Only the lines that hold the word "xmlns" are wanted from this listing.

+-------+

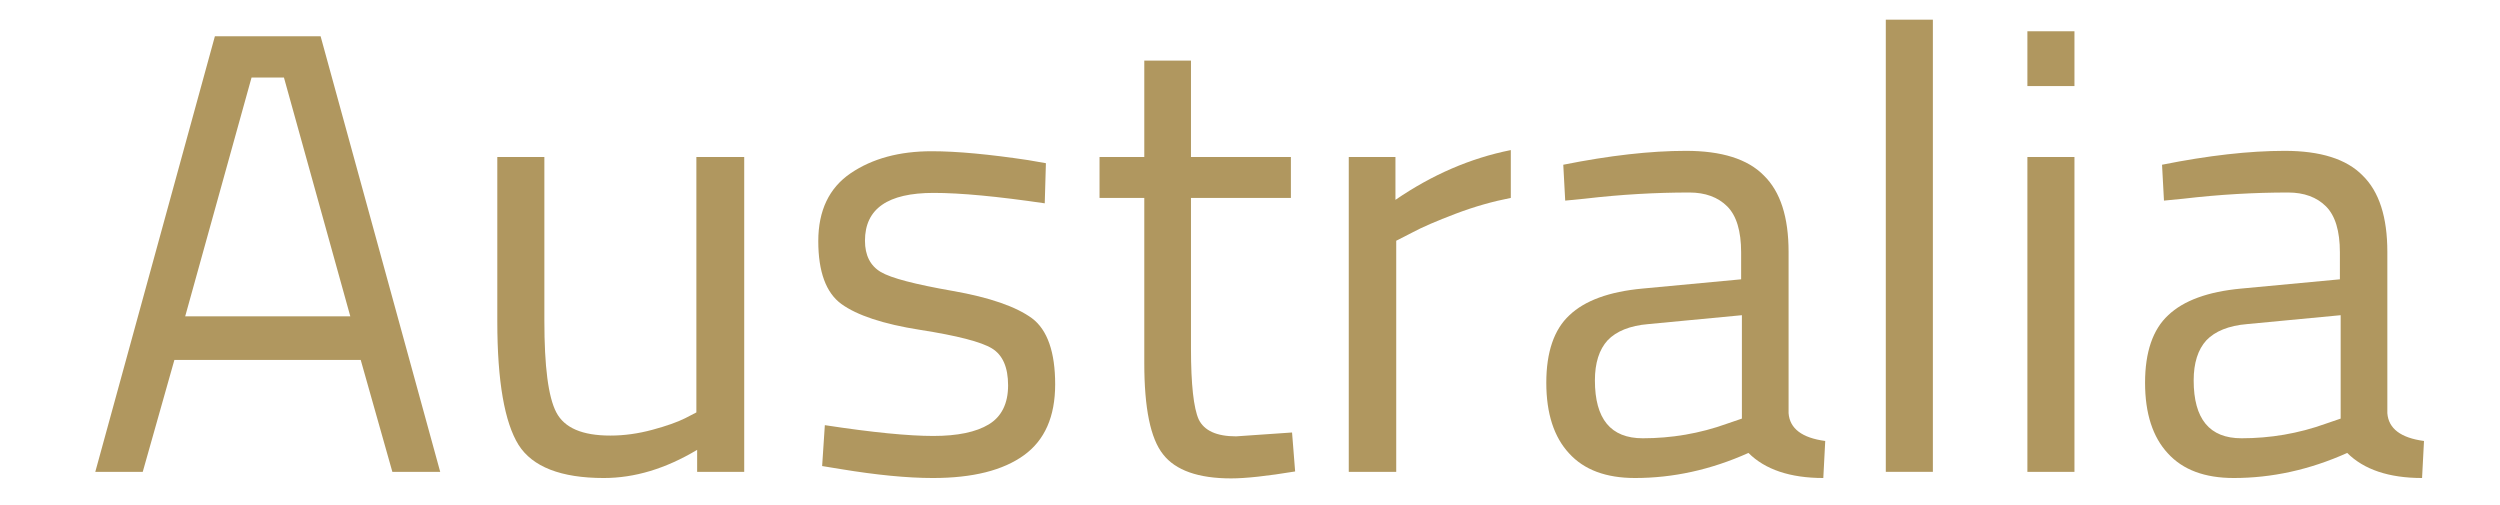 <?xml version="1.0" encoding="utf-8"?>
<!-- Generator: Adobe Illustrator 27.0.0, SVG Export Plug-In . SVG Version: 6.00 Build 0)  -->
<svg version="1.1" id="Layer_1" xmlns:v="https://vecta.io/nano"
	 xmlns="http://www.w3.org/2000/svg" xmlns:xlink="http://www.w3.org/1999/xlink" x="0px" y="0px" viewBox="0 0 648 131"
	 style="enable-background:new 0 0 648 131;" xml:space="preserve">
<style type="text/css">
	.st0{display:none;fill:#B0975F;}
	.st1{fill:#B0975F;}
</style>
<path class="st0" d="M58,16l52,113H91.1L74.2,92.2H26.8L9.4,129H0.1L53.3,16H58z M30.1,85h40.8L50.8,41.2L30.1,85z M134.8,43.7v60.8
	c0,2.1,0.5,4.1,1.4,6c1,1.9,2.4,3.5,4.1,4.9s3.7,2.5,5.9,3.3c2.3,0.8,4.7,1.2,7.3,1.2c1.7,0,3.4-0.4,5.3-1.1
	c1.9-0.7,3.8-1.7,5.7-2.9c1.8-1.3,3.5-2.8,5.1-4.4c1.6-1.7,3-3.5,4.1-5.4V43.7h16.8V129h-16.8v-16c-1.5,2.4-3.4,4.8-5.7,6.9
	c-2.2,2.1-4.6,4-7.2,5.7c-2.6,1.6-5.3,2.9-8.1,3.8s-5.4,1.4-7.9,1.4c-3.7,0-7.2-0.7-10.5-2.1s-6.1-3.3-8.6-5.7s-4.4-5.2-5.8-8.4
	c-1.4-3.2-2.1-6.6-2.1-10.2V43.7L134.8,43.7L134.8,43.7z M238.8,124.9c2.3,0,4.4-0.3,6.3-1c1.9-0.7,3.6-1.7,5-2.8
	c1.4-1.2,2.6-2.5,3.3-4c0.8-1.6,1.2-3.1,1.2-4.8c0-2.6-0.7-4.9-2-6.8c-1.3-1.9-3-3.7-5.2-5.2c-2.1-1.6-4.5-3-7.2-4.2l-8.3-3.9
	c-2.8-1.4-5.6-2.8-8.3-4.3c-2.7-1.6-5.2-3.4-7.3-5.4c-2.1-2.1-3.8-4.4-5.2-7.1c-1.3-2.7-1.9-5.9-1.9-9.5c0-3.4,0.7-6.5,2.2-9.4
	c1.4-2.9,3.4-5.5,6-7.6c2.6-2.1,5.7-3.8,9.2-4.9c3.6-1.2,7.4-1.8,11.7-1.8c2.8,0,5.5,0.2,7.9,0.6s4.8,1.1,7.2,2.2
	c2.4,1.1,4.8,2.7,7.1,4.8c2.3,2.1,4.8,4.8,7.4,8.1l-6.2,5.6c-3.2-5.3-6.8-9.2-10.8-11.8c-3.9-2.6-8.2-3.9-12.7-3.9
	c-2.4,0-4.7,0.3-6.7,0.9c-2,0.6-3.7,1.4-5.2,2.4c-1.4,1-2.5,2.2-3.3,3.6c-0.8,1.3-1.2,2.9-1.2,4.4c0,2.6,0.7,4.8,2.1,6.7
	c1.4,1.9,3.3,3.6,5.7,5.2c2.3,1.5,5,2.9,7.9,4.2l9.1,3.9c3.1,1.3,6.1,2.8,9.1,4.3c3,1.6,5.7,3.4,8,5.4c2.3,2,4.2,4.3,5.6,7
	c1.4,2.7,2.2,5.8,2.2,9.3c0,3.6-0.7,7-2,10.2c-1.3,3.1-3.4,5.8-6.1,8.2c-2.7,2.3-6,4.1-10.1,5.4s-8.8,2-14.3,2
	c-2.5,0-5.1-0.2-7.8-0.6c-2.6-0.4-5.2-1.1-7.9-2.2c-2.7-1.2-5.3-2.8-8-4.8s-5.3-4.8-7.8-8.1l6.9-6.2c2.1,2.9,4,5.4,5.9,7.4
	c1.9,2,3.8,3.7,5.8,5c2,1.3,4,2.2,6.1,2.8C234.1,124.6,236.3,124.9,238.8,124.9z M305.6,14.7h4.8v29h19v7.2h-19V111
	c0,1.3,0.2,2.5,0.7,3.6c0.5,1.1,1.1,2.1,1.9,2.9c0.8,0.8,1.8,1.5,2.9,2c1.1,0.4,2.3,0.7,3.7,0.7c1.9,0,3.6-0.5,5.2-1.4
	s2.9-2.1,4.1-3.5l4.2,2.8c-2.3,3.9-5.4,7.1-9.1,9.3c-3.7,2.3-8.3,3.4-13.8,3.4c-2.8,0-5.3-0.5-7.4-1.5c-2.1-0.9-3.9-2.3-5.2-4
	c-1.3-1.8-2.3-3.9-3-6.2c-0.7-2.4-1-5.1-1-8.1V50.9h-14.8v-3.2l14.8-4.1V19.4L305.6,14.7L305.6,14.7z M360.1,42.1h2.6l2.2,17.4
	c1.3-2.6,3-4.9,5-7c2-2.1,4.2-3.9,6.6-5.5c2.4-1.5,5-2.7,7.7-3.6c2.7-0.9,5.5-1.3,8.2-1.3c2.5,0,4.9,0.3,7.3,1
	c2.4,0.7,4.7,1.7,6.8,3.2l-5.3,14.2c-1.1-1.2-2.3-2.2-3.5-2.9c-1.2-0.8-2.5-1.4-3.8-1.8c-1.3-0.4-2.6-0.7-3.9-0.8
	c-1.3-0.1-2.7-0.2-4-0.2c-2.1,0-4.2,0.3-6.2,0.9c-2,0.6-3.9,1.5-5.8,2.8c-1.8,1.2-3.5,2.7-5.1,4.6c-1.6,1.8-2.9,4-4.1,6.5V129H348
	V46.8L360.1,42.1L360.1,42.1z M467.3,129c-2.2-1.1-4.1-2.7-5.7-4.7c-1.5-2.1-2.2-4.4-2.2-7c-2,1.5-4,3.1-5.9,4.7
	c-1.9,1.6-4,3.1-6.2,4.4c-2.2,1.3-4.7,2.3-7.5,3.2c-2.7,0.8-5.9,1.2-9.5,1.2c-3.3,0-6.4-0.6-9.1-1.7c-2.7-1.1-4.9-2.5-6.8-4.4
	c-1.8-1.9-3.3-4.1-4.3-6.8c-1-2.6-1.5-5.4-1.5-8.4c0-3.7,0.7-7,2.2-9.9s3.4-5.6,5.9-7.8c2.6-2.3,5.5-4.4,8.8-6.2
	c3.3-1.8,6.9-3.4,10.7-4.8c3.8-1.4,7.7-2.7,11.7-3.8l11.7-3.1v-5.3c0-3.9-0.3-7.2-0.8-9.8s-1.4-4.8-2.6-6.4
	c-1.2-1.7-2.7-2.8-4.5-3.5c-1.8-0.7-3.9-1.1-6.4-1.1c-2.4,0-4.6,0.5-6.6,1.4s-3.8,2.2-5.3,3.8c-1.5,1.6-2.8,3.4-3.8,5.6
	c-0.9,2.1-1.6,4.4-1.9,6.8H412c0.4-3.7,1.7-6.9,3.8-9.8c2.1-2.9,4.8-5.3,7.9-7.2c3.2-2,6.8-3.5,10.8-4.6c4.1-1.1,8.2-1.6,12.6-1.6
	c5.6,0,10.2,0.6,14,1.7c3.8,1.1,6.8,2.6,9.1,4.5s3.9,4.3,4.8,7.2c1,2.8,1.5,5.9,1.5,9.2v52.7c0,2.6,0.8,4.9,2.2,7
	c1.6,2,3.4,3.6,5.7,4.7L467.3,129L467.3,129z M459.4,79.3c-2.6,0.8-5.1,1.7-7.6,2.7c-2.6,1-5.2,2.1-7.7,3.4c-2.5,1.2-4.9,2.6-7.2,4
	s-4.3,3-6,4.7s-3.1,3.4-4.1,5.2s-1.5,3.8-1.5,5.8c0,2.1,0.4,4.1,1.2,6c0.8,1.8,1.8,3.5,3.1,4.9c1.3,1.4,2.8,2.5,4.4,3.3
	c1.7,0.8,3.4,1.2,5.2,1.2c1.9,0,3.7-0.2,5.4-0.8c1.7-0.5,3.4-1.2,5-2c1.6-0.9,3.2-1.9,4.8-3s3.2-2.3,4.9-3.6L459.4,79.3L459.4,79.3z
	 M513.4,129h-17V5l12.1-4.8h4.9L513.4,129L513.4,129z M537.1,46.9l11.9-4.8h4.9V129h-16.8V46.9z M535.7,11c0-1.3,0.2-2.6,0.8-3.8
	c0.5-1.2,1.2-2.2,2.1-3.1c0.9-0.9,1.9-1.6,3.1-2.1c1.2-0.5,2.5-0.8,3.8-0.8c1.3,0,2.6,0.2,3.8,0.8c1.2,0.5,2.2,1.2,3.1,2.1
	c0.9,0.9,1.6,1.9,2.1,3.1c0.5,1.2,0.8,2.4,0.8,3.8s-0.2,2.6-0.8,3.8c-0.5,1.2-1.2,2.2-2.1,3.1c-0.9,0.9-1.9,1.6-3.1,2.1
	c-1.2,0.5-2.5,0.8-3.8,0.8c-1.3,0-2.6-0.2-3.8-0.8c-1.2-0.5-2.2-1.2-3.1-2.1c-0.9-0.9-1.6-1.9-2.1-3.1C536,13.6,535.7,12.3,535.7,11
	z M630.7,129c-2.2-1.1-4.1-2.7-5.7-4.7c-1.5-2.1-2.2-4.4-2.2-7c-2,1.5-4,3.1-5.9,4.7c-1.9,1.6-4,3.1-6.2,4.4
	c-2.2,1.3-4.7,2.3-7.5,3.2c-2.7,0.8-5.9,1.2-9.5,1.2c-3.3,0-6.4-0.6-9.1-1.7c-2.7-1.1-4.9-2.5-6.8-4.4c-1.8-1.9-3.3-4.1-4.3-6.8
	c-1-2.6-1.5-5.4-1.5-8.4c0-3.7,0.7-7,2.2-9.9s3.4-5.6,5.9-7.8c2.6-2.3,5.5-4.4,8.8-6.2c3.3-1.8,6.9-3.4,10.7-4.8
	c3.8-1.4,7.7-2.7,11.7-3.8l11.7-3.1v-5.3c0-3.9-0.3-7.2-0.8-9.8s-1.4-4.8-2.6-6.4c-1.2-1.7-2.7-2.8-4.5-3.5
	c-1.8-0.7-3.9-1.1-6.4-1.1c-2.4,0-4.6,0.5-6.6,1.4s-3.8,2.2-5.3,3.8c-1.5,1.6-2.8,3.4-3.8,5.6c-1,2.1-1.6,4.4-1.9,6.8h-15.5
	c0.4-3.7,1.7-6.9,3.8-9.8c2.1-2.9,4.8-5.3,7.9-7.2c3.2-2,6.8-3.5,10.8-4.6c4.1-1.1,8.2-1.6,12.6-1.6c5.6,0,10.2,0.6,14,1.7
	c3.8,1.1,6.8,2.6,9.1,4.5s3.9,4.3,4.8,7.2c1,2.8,1.5,5.9,1.5,9.2v52.7c0,2.6,0.8,4.9,2.2,7c1.6,2,3.4,3.6,5.7,4.7L630.7,129
	L630.7,129z M622.8,79.3c-2.4,0.8-5,1.7-7.6,2.7c-2.6,1-5.2,2.1-7.7,3.4c-2.5,1.2-4.9,2.6-7.2,4s-4.3,3-6,4.7s-3.1,3.4-4.1,5.2
	s-1.5,3.8-1.5,5.8c0,2.1,0.4,4.1,1.2,6c0.8,1.8,1.8,3.5,3.1,4.9c1.3,1.4,2.8,2.5,4.4,3.3c1.7,0.8,3.4,1.2,5.2,1.2
	c1.8,0,3.7-0.2,5.4-0.8c1.7-0.5,3.4-1.2,5-2c1.7-0.9,3.3-1.9,4.8-3c1.6-1.1,3.2-2.3,4.9-3.6V79.3z"/>
<g>
	<path class="st1" d="M24.7,122.3l31-112.9h27.4l31,112.9h-12.4l-8.2-29H45.2l-8.2,29H24.7z M65.2,20.1L48,82h42.8L73.6,20.1H65.2z"
		/>
	<path class="st1" d="M180.7,40.7h12.2v81.6h-12.2v-5.7c-8.2,4.9-16.2,7.3-24.2,7.3c-11.1,0-18.5-2.9-22.1-8.6
		c-3.6-5.8-5.5-16.4-5.5-32V40.7h12.2v42.4c0,11.9,1,19.8,3.1,23.8c2.1,4,6.7,6,14,6c3.6,0,7.2-0.5,10.9-1.5c3.7-1,6.5-2,8.5-3
		l2.9-1.5V40.7z"/>
	<path class="st1" d="M242,50c-11.9,0-17.8,4.1-17.8,12.4c0,3.8,1.4,6.5,4.1,8.1c2.7,1.6,8.9,3.2,18.6,4.9
		c9.7,1.7,16.5,4.1,20.6,7.1c4,3,6,8.8,6,17.1c0,8.4-2.7,14.5-8.1,18.4c-5.4,3.9-13.2,5.9-23.6,5.9c-6.7,0-14.7-0.8-23.8-2.3
		l-4.9-0.8l0.7-10.6c12.4,1.9,21.8,2.8,28.1,2.8c6.3,0,11.1-1,14.4-3c3.3-2,5-5.4,5-10.1s-1.4-7.9-4.2-9.6c-2.8-1.7-9-3.3-18.6-4.8
		c-9.6-1.5-16.4-3.8-20.4-6.7c-4-2.9-6-8.4-6-16.3c0-7.9,2.8-13.8,8.4-17.6c5.6-3.8,12.6-5.7,21-5.7c6.6,0,15,0.8,25,2.3l4.6,0.8
		l-0.3,10.4C258.5,50.9,249,50,242,50z"/>
	<path class="st1" d="M334.6,51.3h-25.9v39c0,9.4,0.7,15.5,2,18.4c1.4,2.9,4.6,4.4,9.7,4.4l14.5-1l0.8,10.1
		c-7.3,1.2-12.8,1.8-16.6,1.8c-8.5,0-14.4-2.1-17.6-6.2c-3.3-4.1-4.9-12-4.9-23.7V51.3H285V40.7h11.6v-25h12.1v25h25.9V51.3z"/>
	<path class="st1" d="M349.6,122.3V40.7h12.1v11.1c9.5-6.5,19.4-10.8,29.9-12.9v12.4c-4.6,0.9-9.3,2.2-14.3,4.1
		c-5,1.9-8.7,3.5-11.3,4.9l-4.1,2.1v59.9H349.6z"/>
	<path class="st1" d="M463.6,65.3v41.8c0.3,4,3.5,6.4,9.5,7.2l-0.5,9.6c-8.6,0-15.1-2.2-19.4-6.5c-9.8,4.4-19.6,6.5-29.4,6.5
		c-7.5,0-13.2-2.1-17.1-6.4c-3.9-4.2-5.9-10.3-5.9-18.3c0-7.9,2-13.8,6-17.5c4-3.8,10.3-6.1,18.9-6.9l25.6-2.4v-7
		c0-5.5-1.2-9.5-3.6-11.9c-2.4-2.4-5.7-3.6-9.8-3.6c-8.7,0-17.7,0.5-27.1,1.6l-5.1,0.5l-0.5-9.3c12-2.4,22.6-3.6,31.8-3.6
		c9.2,0,16,2.1,20.2,6.4C461.5,49.7,463.6,56.3,463.6,65.3z M413.4,98.6c0,10,4.1,15,12.4,15c7.4,0,14.7-1.2,21.9-3.8l3.8-1.3V81.7
		l-24.2,2.3c-4.9,0.4-8.4,1.9-10.6,4.2C414.5,90.6,413.4,94.1,413.4,98.6z"/>
	<path class="st1" d="M488.8,122.3V5.1H501v117.2H488.8z"/>
	<path class="st1" d="M525.5,22.3V8.1h12.2v14.2H525.5z M525.5,122.3V40.7h12.2v81.6H525.5z"/>
	<path class="st1" d="M618.8,65.3v41.8c0.3,4,3.5,6.4,9.5,7.2l-0.5,9.6c-8.6,0-15.1-2.2-19.4-6.5c-9.8,4.4-19.6,6.5-29.4,6.5
		c-7.5,0-13.2-2.1-17.1-6.4c-3.9-4.2-5.9-10.3-5.9-18.3c0-7.9,2-13.8,6-17.5c4-3.8,10.3-6.1,18.9-6.9l25.6-2.4v-7
		c0-5.5-1.2-9.5-3.6-11.9c-2.4-2.4-5.7-3.6-9.8-3.6c-8.7,0-17.7,0.5-27.1,1.6l-5.1,0.5l-0.5-9.3c12-2.4,22.6-3.6,31.8-3.6
		c9.2,0,16,2.1,20.2,6.4C616.7,49.7,618.8,56.3,618.8,65.3z M568.6,98.6c0,10,4.1,15,12.4,15c7.4,0,14.7-1.2,21.9-3.8l3.8-1.3V81.7
		l-24.2,2.3c-4.9,0.4-8.4,1.9-10.6,4.2C569.7,90.6,568.6,94.1,568.6,98.6z"/>
</g>
</svg>

+-------+

**Task answer:**
<svg version="1.1" id="Layer_1" xmlns:v="https://vecta.io/nano"
	 xmlns="http://www.w3.org/2000/svg" xmlns:xlink="http://www.w3.org/1999/xlink" x="0px" y="0px" viewBox="0 0 648 131"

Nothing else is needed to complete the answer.